Did you know that Orwell was a prolific book reviewer? Book reviews staved off starvation during the Depression for the struggling Orwell. Did you know that Orwell and Miller were friends? Maybe the apolitical Miller's friendship was a respite for the war weary Orwell after his near death experience in revolutionary Spain.

Orwell, always the pragmatist, questioned the "mickey mouse universe" found in the pages of Black Spring but admired the genius of Miller. Orwell,in his essay Benefit of Clergy, said the same of Dali's surrealism. Technically good but weird. Orwell oddly concluded that Dali was demented and Miller was a genius. Was Orwell biased towards writing over painting? Was Orwell biased against Dali's fascism?

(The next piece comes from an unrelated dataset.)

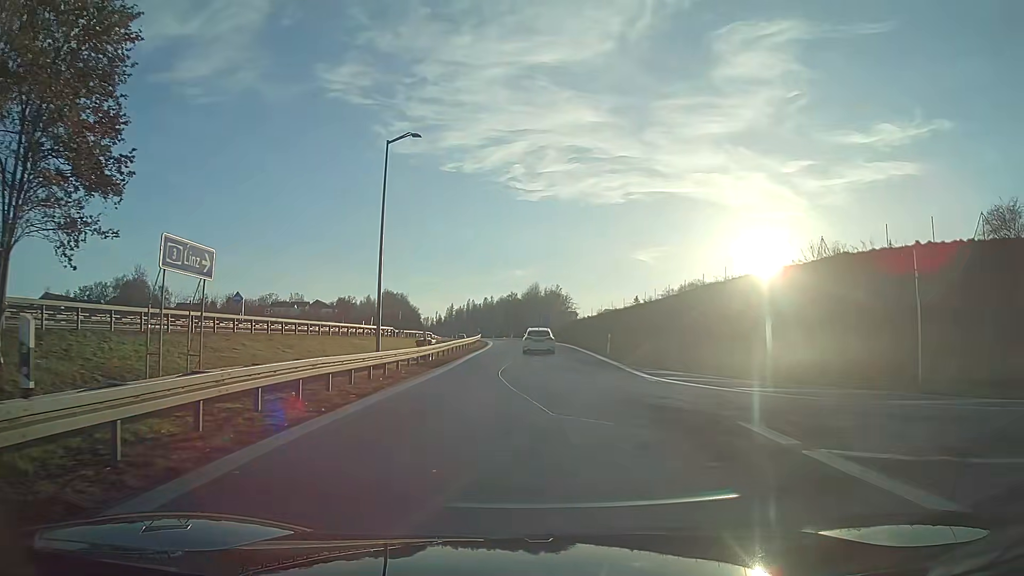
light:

Is Black Spring a written attempt to create a surrealist painting when surrealism was in vogue? A mickey mouse universe indeed yet one beautifully wrought. The images in this book are compelling...

I could see the decks being scrubbed down and the guns polished and the weight of those big sea monsters resting on the dirty glass lake of the basin was a luxurious weight on me. p7

Can't you feel the weight of the water and the ships? The racism in this book is rife..the n word, Asians described as having "glass craniums" and even a lurid description of a lynching in the mind of the detached narrator. Is it any wonder that the government tried to ban Miller's books under the Comstock Act?